In 1952 the UPC created the Democratic Union of Cameroonian Women, in particular to combat discrimination specific to women, and a youth organization in 1954, the Jeunesse démocratique du Cameroun. Um Nyobé particularly insisted on "efforts to raise the ideological level of militants and leaders", and party schools were created. On an organizational level, he defended the strengthening of "base committees" to build a party acting from below and preferred to speak of a "movement" rather than a "party" for this reason.

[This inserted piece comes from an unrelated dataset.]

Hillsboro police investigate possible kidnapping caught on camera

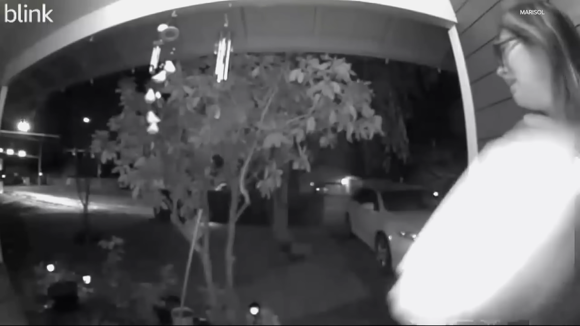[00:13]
The video is heart-stopping. Please help me! Please help me!
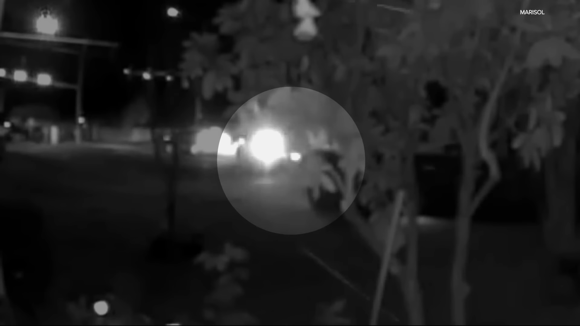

The UPC published three newspapers (La Voix du Cameroun, l'Étoile, and Lumière) largely focused on three main themes: national independence, the reunification of the former German Kamerun and social justice.

Um Nyobè opposed tribalism and its instrumentation by colonialism as a factor of division: "Such a situation requires us to break with outdated tribalism and retrograde regionalism which, now and in the future, represent a real danger for the development of this Cameroonian nation". Opposed to armed struggle and violence, he encouraged his supporters to conduct only peaceful actions such as boycotts, strikes and demonstrations. Most UPC meetings ended with the Cameroonian national anthem and La Marseillaise, while Um Nyobé repeated that he did not confuse "the people of France with the French colonialists".

Um Nyobè made multiple forays in the United Nations both in 1952 and in 1954 speaking on behalf of the people of Cameroon and other colonized African countries. He expressed his view of independence as an appeal to the natives of all countries. As leader of the UPC, he made many gestures of integrity where he refused to negotiate with the French.

Um Nyobè was initially opposed to violence. In 1952, he stated that "the armed struggle was carried out once and for all by the Cameroonians who contributed greatly to the defeat of German fascism. The fundamental freedoms whose application and independence we claim and towards which we must resolutely march are no longer things to be conquered by armed struggle. It is precisely to prevent such a possibility that the United Nations Charter called for the right of peoples to self-determination. Nevertheless, it recognizes the right of peoples to armed struggle elsewhere on the planet, when circumstances so require". He also saluted the "heroic struggles" led by the Vietnamese of Việt Minh and the Algerians of the FLN.

On June 13, 1955, the UPC was banned by the French government and its militants went into hiding. Um Nyobè was killed by the French army on 13 September 1958. After his death, he was replaced by Félix-Roland Moumié. Until the 1990s, any mention of Um Nyobè was prohibited in Cameroon.